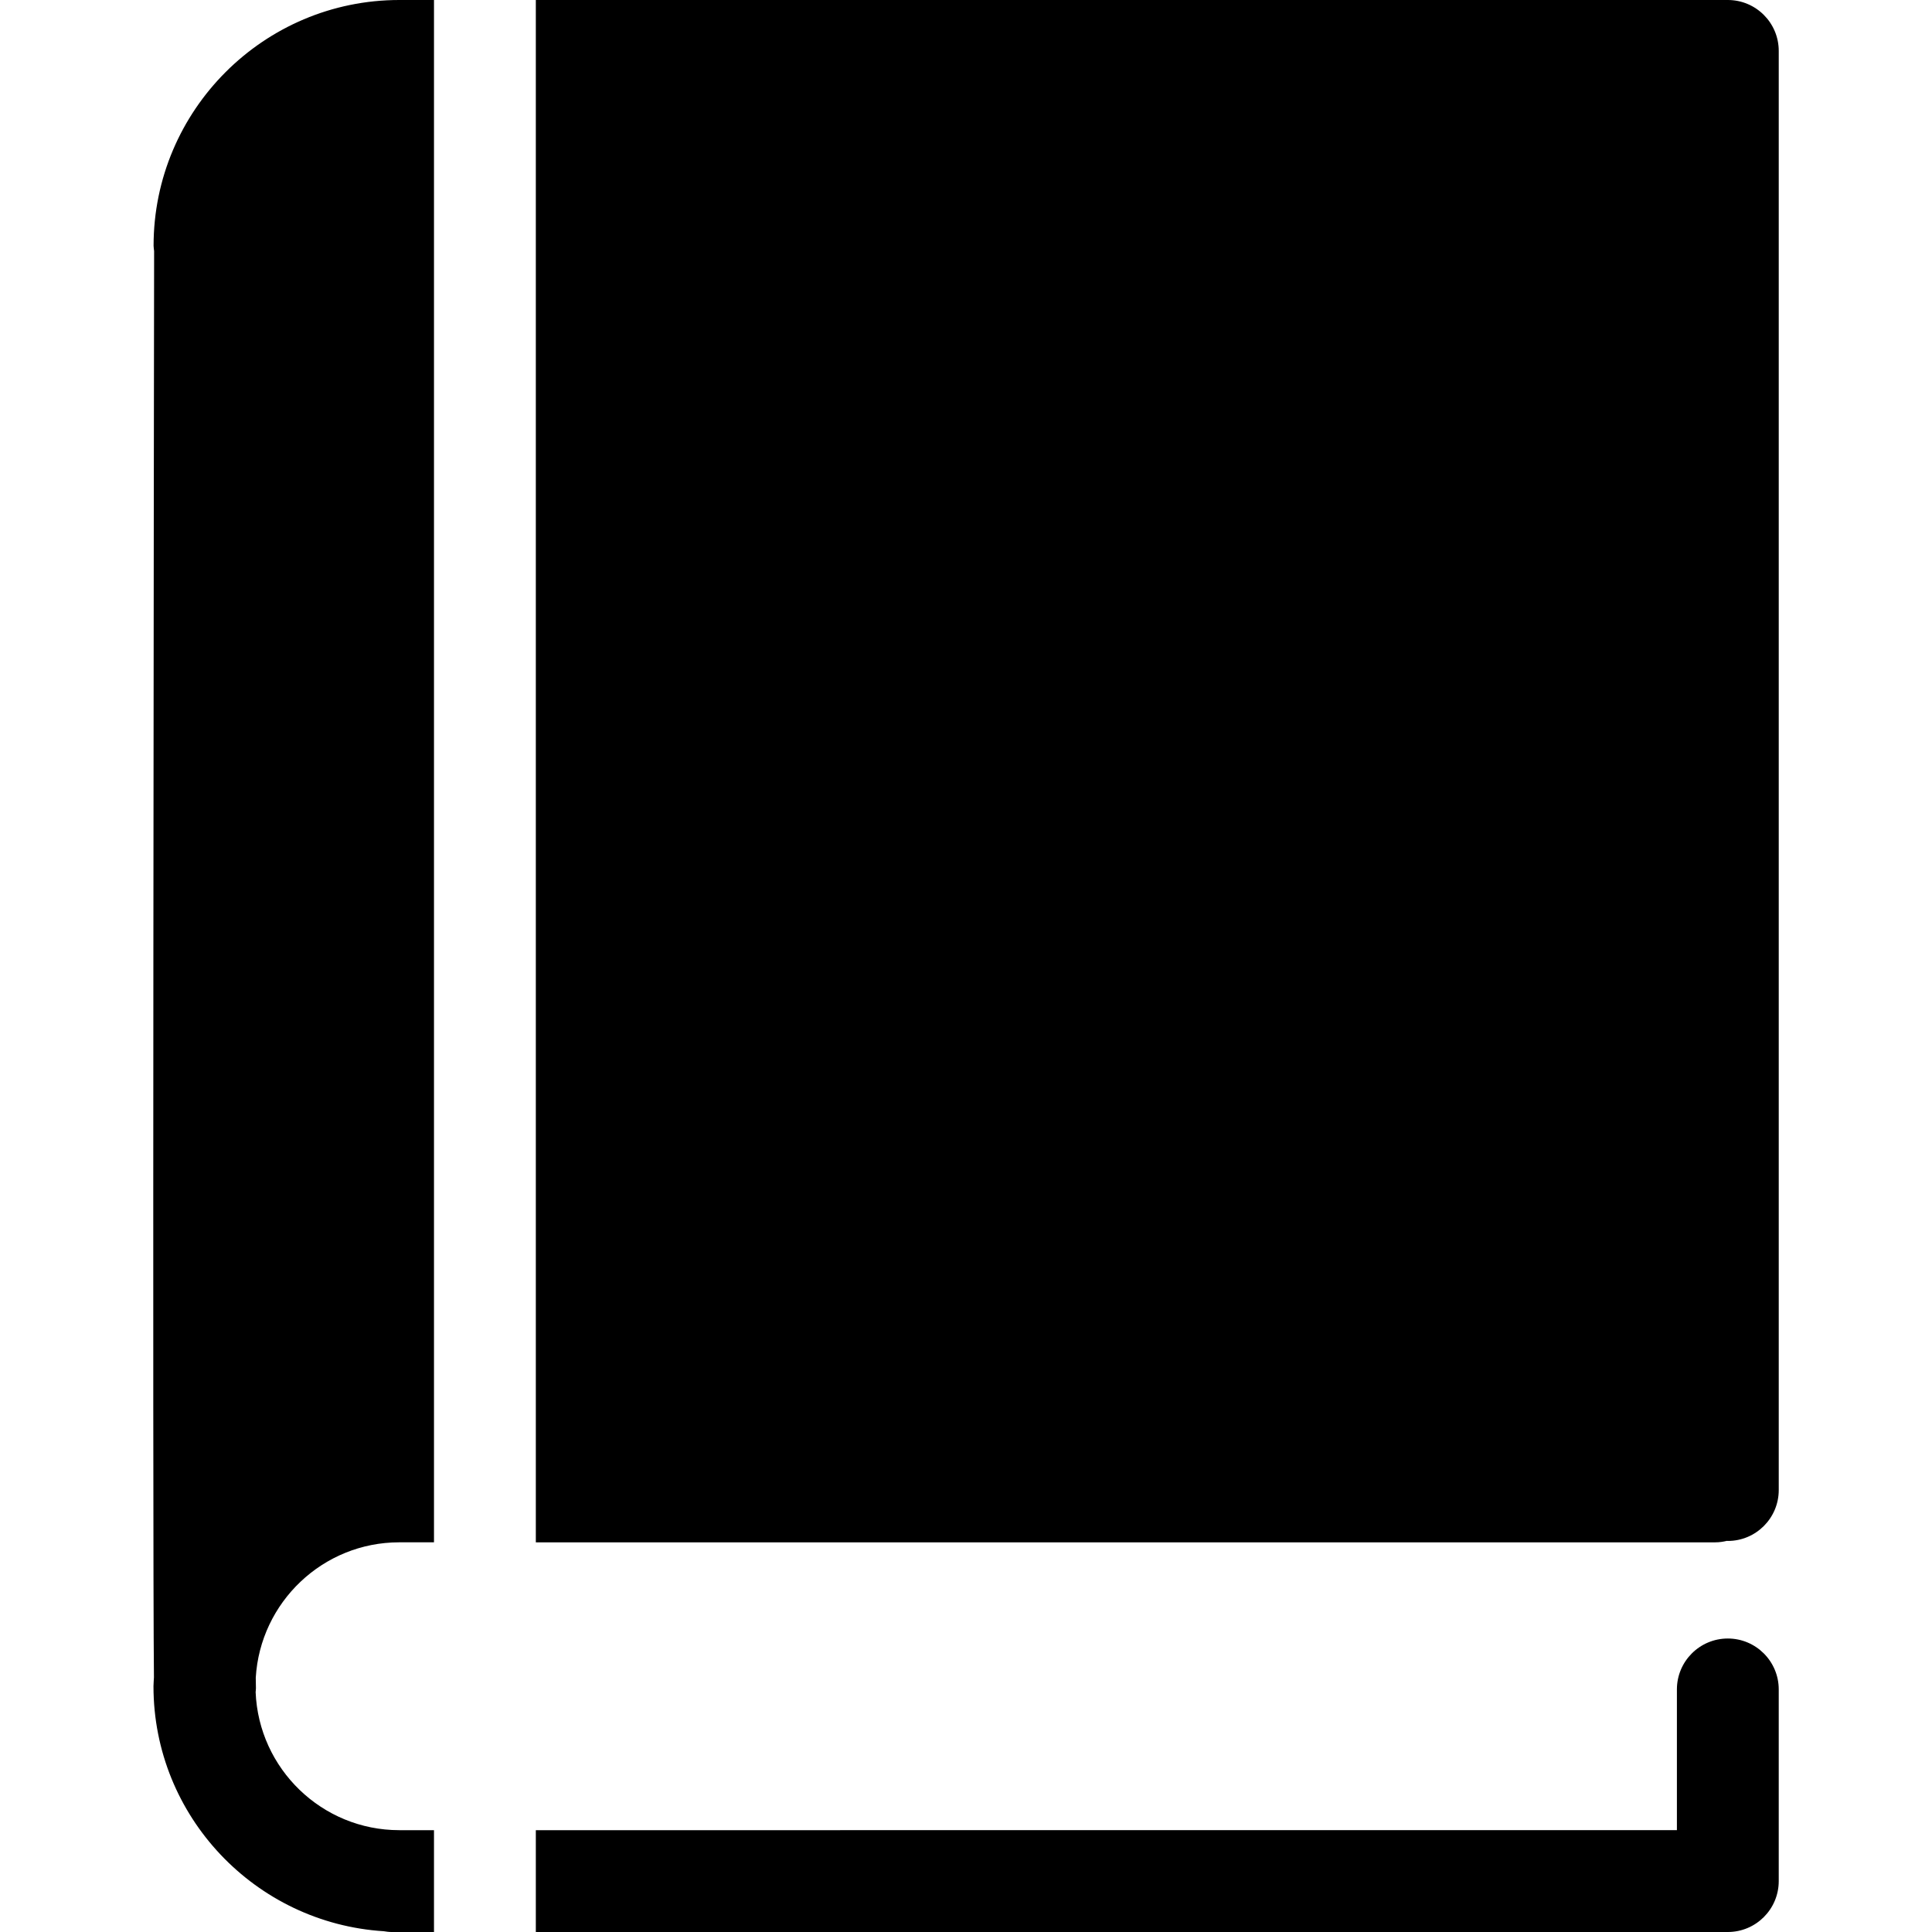 <?xml version="1.0" encoding="iso-8859-1"?>
<!-- Uploaded to: SVG Repo, www.svgrepo.com, Generator: SVG Repo Mixer Tools -->
<!DOCTYPE svg PUBLIC "-//W3C//DTD SVG 1.1//EN" "http://www.w3.org/Graphics/SVG/1.1/DTD/svg11.dtd">
<svg fill="#000000" version="1.1" id="Capa_1" xmlns="http://www.w3.org/2000/svg" xmlns:xlink="http://www.w3.org/1999/xlink" 
	 width="800px" height="800px" viewBox="0 0 459.319 459.319"
	 xml:space="preserve">
<g>
	<path d="M127.389,366.674V0h280.434h2.955c6.679,0,12.105,5.423,12.105,12.105v342.139c0,6.679-5.427,12.104-12.105,12.104
		c-0.071,0-0.13-0.023-0.201-0.023c-0.893,0.213-1.82,0.354-2.778,0.354H127.389V366.674z M410.777,459.319
		c6.679,0,12.105-5.42,12.105-12.105v-45.565c0-6.68-5.427-12.105-12.105-12.105s-12.105,5.426-12.105,12.105v33.461H127.389v24.21
		H410.777z M94.924,435.109c-18.395,0-33.411-14.605-34.149-32.817c0.018-0.325,0.077-0.632,0.071-0.963
		c-0.012-0.532-0.03-1.359-0.042-2.459c1.058-17.922,15.936-32.196,34.12-32.196h8.254V0h-8.237
		c-32.22,0-58.428,26.214-58.428,58.425c0,0.432,0.085,0.842,0.127,1.259c-0.042,29.755-0.411,303.166-0.042,339.109
		c-0.023,0.703-0.109,1.389-0.109,2.099c0,30.973,24.252,56.329,54.757,58.245c0.612,0.094,1.212,0.183,1.847,0.183h10.084v-24.21
		H94.924z"/>
</g>
</svg>
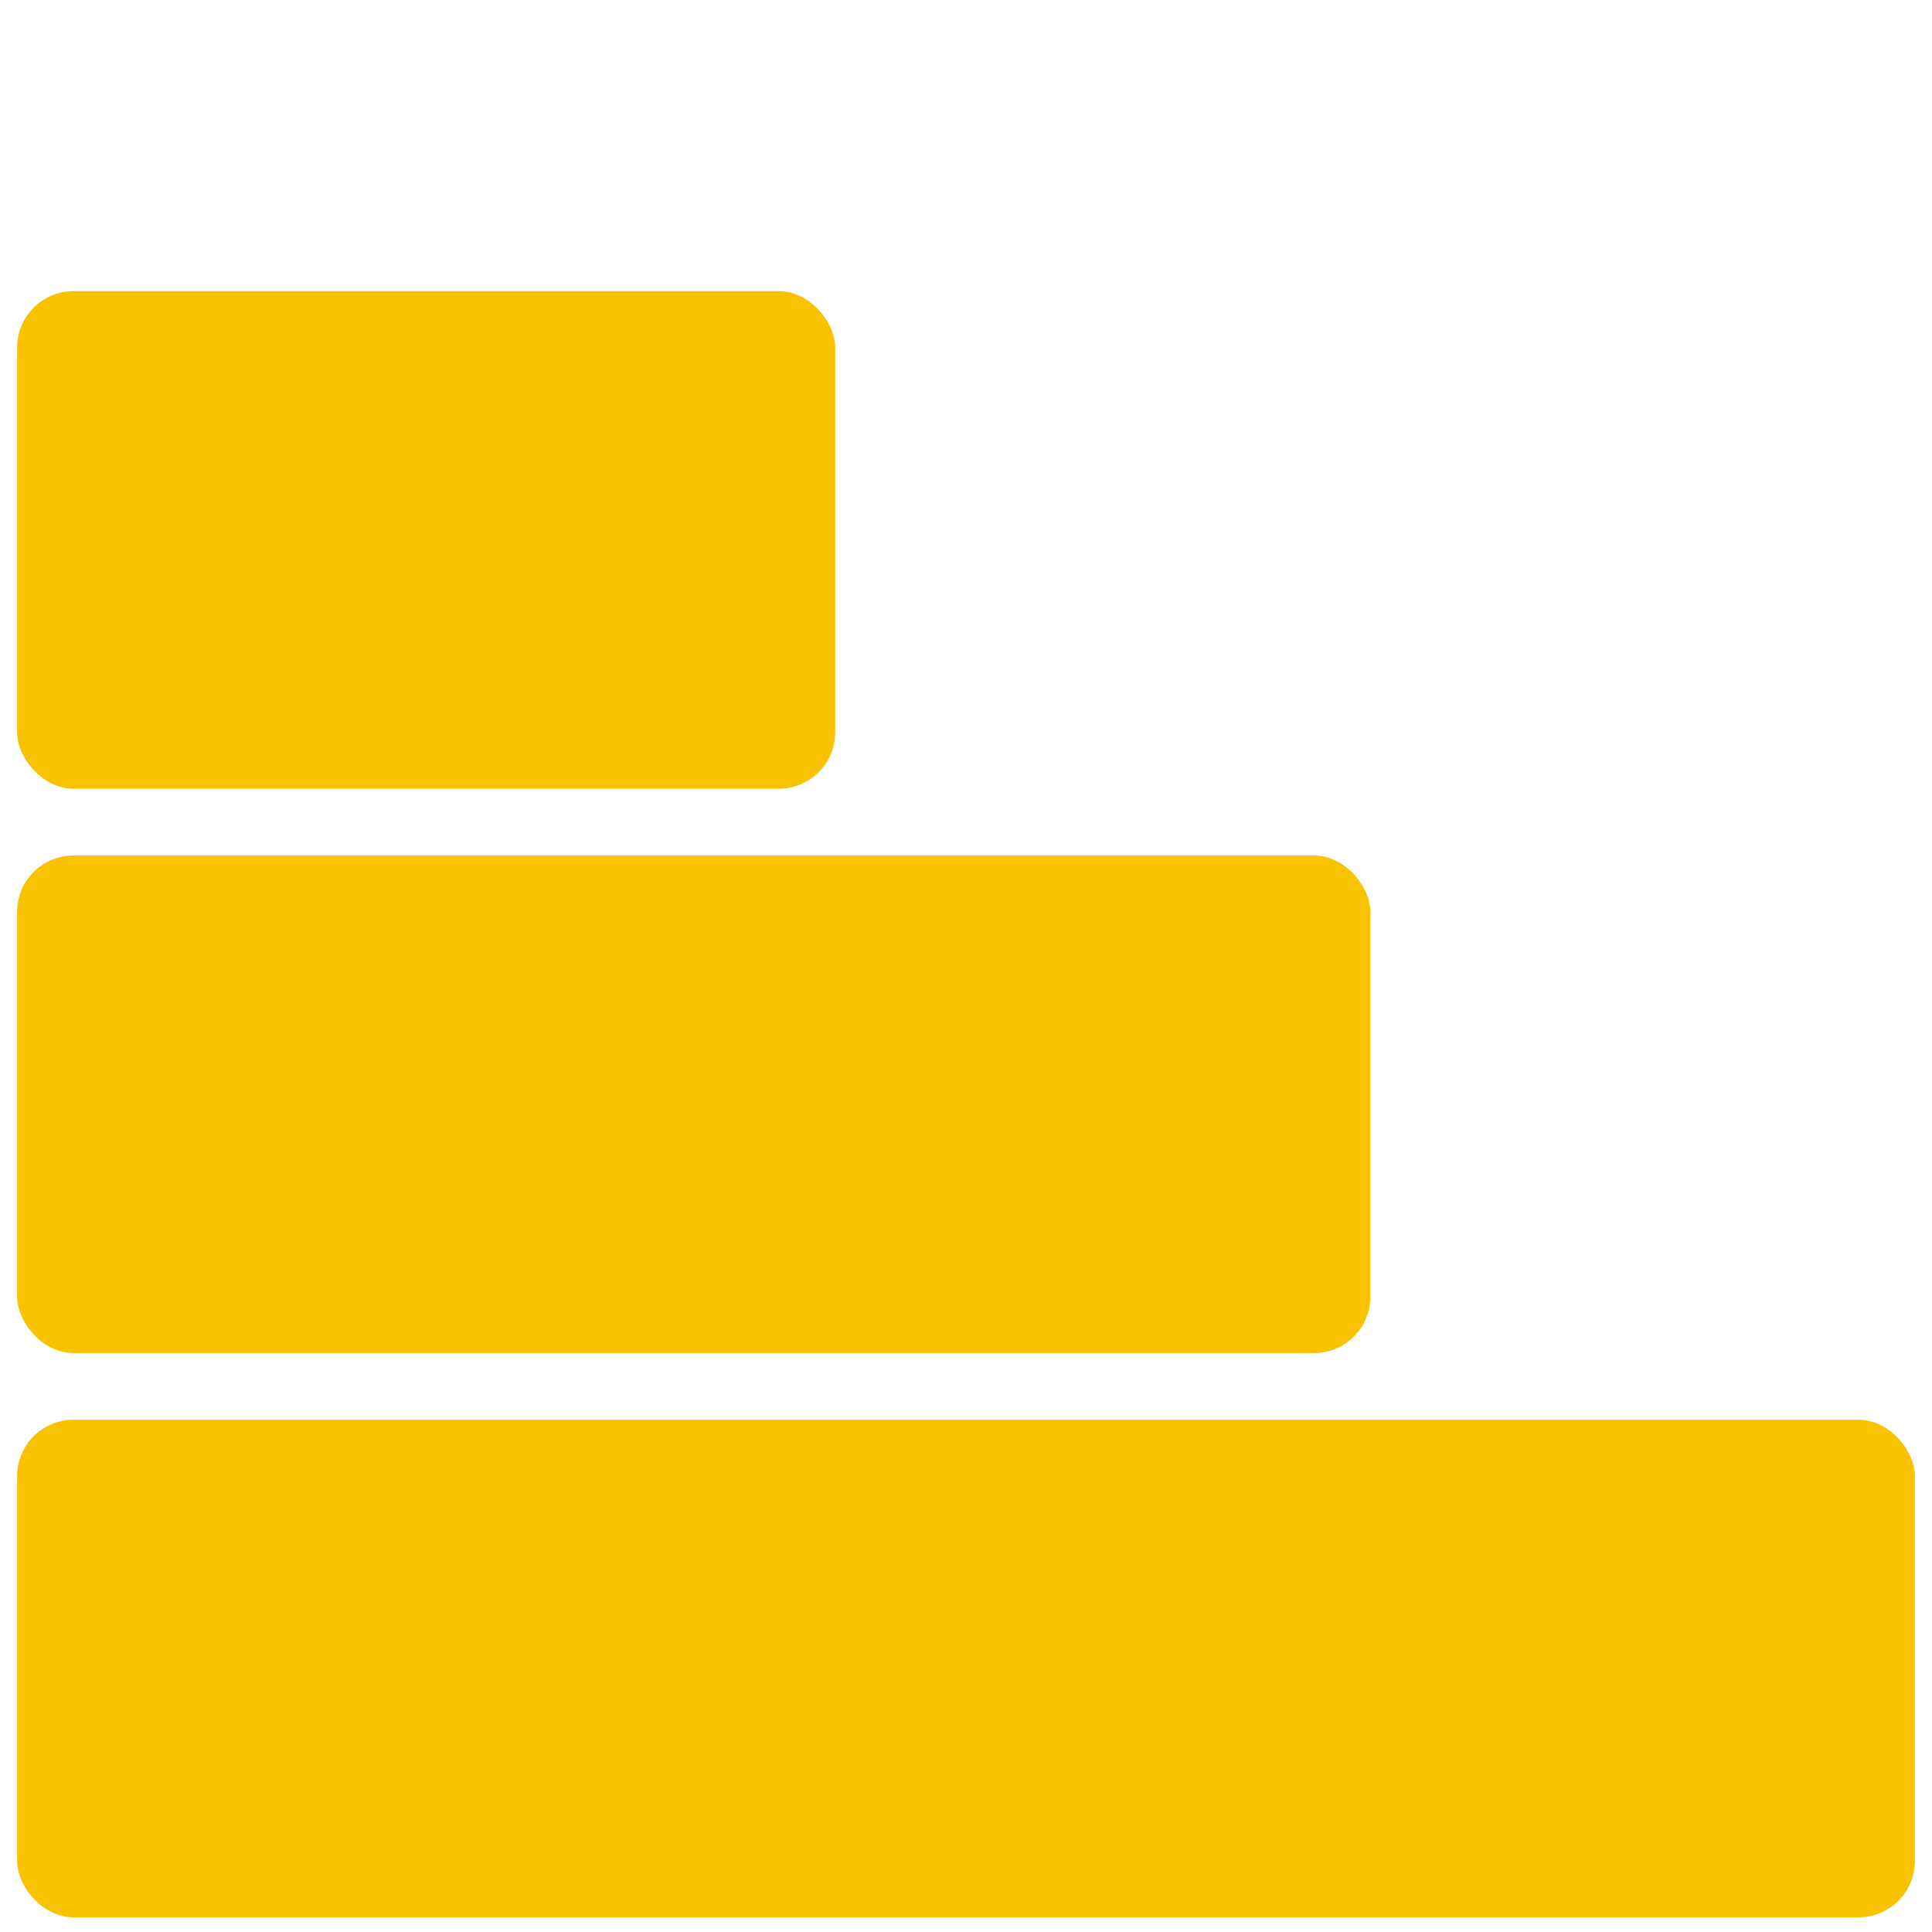 <?xml version="1.0" encoding="UTF-8"?>
<svg id="Calendar" xmlns="http://www.w3.org/2000/svg" viewBox="0 0 200 200">
  <defs>
    <style>
      .cls-1 {
        fill: #f8c200;
        stroke-width: 0px;
      }
    </style>
  </defs>
  <rect class="cls-1" x="1.77" y="146.97" width="196.46" height="51.51" rx="5.84" ry="5.84"/>
  <rect class="cls-1" x="1.77" y="88.56" width="140.09" height="51.51" rx="5.84" ry="5.84"/>
  <rect class="cls-1" x="1.77" y="30.14" width="84.69" height="51.51" rx="5.84" ry="5.84"/>
</svg>

○ ○ ○ ○

## [PROBLEM]
Print the entries above exactly, taking out only the pictures.

## [EXERCISE OUTPUT]
 <?xml version="1.0" encoding="iso-8859-1"?>
<!-- Uploaded to: SVG Repo, www.svgrepo.com, Generator: SVG Repo Mixer Tools -->
<!DOCTYPE svg PUBLIC "-//W3C//DTD SVG 1.1//EN" "http://www.w3.org/Graphics/SVG/1.1/DTD/svg11.dtd">
<svg fill="#000000" version="1.1" id="Capa_1" xmlns="http://www.w3.org/2000/svg" xmlns:xlink="http://www.w3.org/1999/xlink" 
	 width="800px" height="800px" viewBox="0 0 459.319 459.319"
	 xml:space="preserve">
<g>
	<path d="M127.389,366.674V0h280.434h2.955c6.679,0,12.105,5.423,12.105,12.105v342.139c0,6.679-5.427,12.104-12.105,12.104
		c-0.071,0-0.13-0.023-0.201-0.023c-0.893,0.213-1.82,0.354-2.778,0.354H127.389V366.674z M410.777,459.319
		c6.679,0,12.105-5.42,12.105-12.105v-45.565c0-6.68-5.427-12.105-12.105-12.105s-12.105,5.426-12.105,12.105v33.461H127.389v24.21
		H410.777z M94.924,435.109c-18.395,0-33.411-14.605-34.149-32.817c0.018-0.325,0.077-0.632,0.071-0.963
		c-0.012-0.532-0.03-1.359-0.042-2.459c1.058-17.922,15.936-32.196,34.12-32.196h8.254V0h-8.237
		c-32.22,0-58.428,26.214-58.428,58.425c0,0.432,0.085,0.842,0.127,1.259c-0.042,29.755-0.411,303.166-0.042,339.109
		c-0.023,0.703-0.109,1.389-0.109,2.099c0,30.973,24.252,56.329,54.757,58.245c0.612,0.094,1.212,0.183,1.847,0.183h10.084v-24.21
		H94.924z"/>
</g>
</svg>
 <?xml version="1.0" encoding="UTF-8"?>
<svg id="Calendar" xmlns="http://www.w3.org/2000/svg" viewBox="0 0 200 200">
  <defs>
    <style>
      .cls-1 {
        fill: #f8c200;
        stroke-width: 0px;
      }
    </style>
  </defs>
  <rect class="cls-1" x="1.77" y="146.97" width="196.46" height="51.51" rx="5.84" ry="5.84"/>
  <rect class="cls-1" x="1.77" y="88.56" width="140.09" height="51.51" rx="5.84" ry="5.84"/>
  <rect class="cls-1" x="1.77" y="30.14" width="84.69" height="51.51" rx="5.84" ry="5.84"/>
</svg>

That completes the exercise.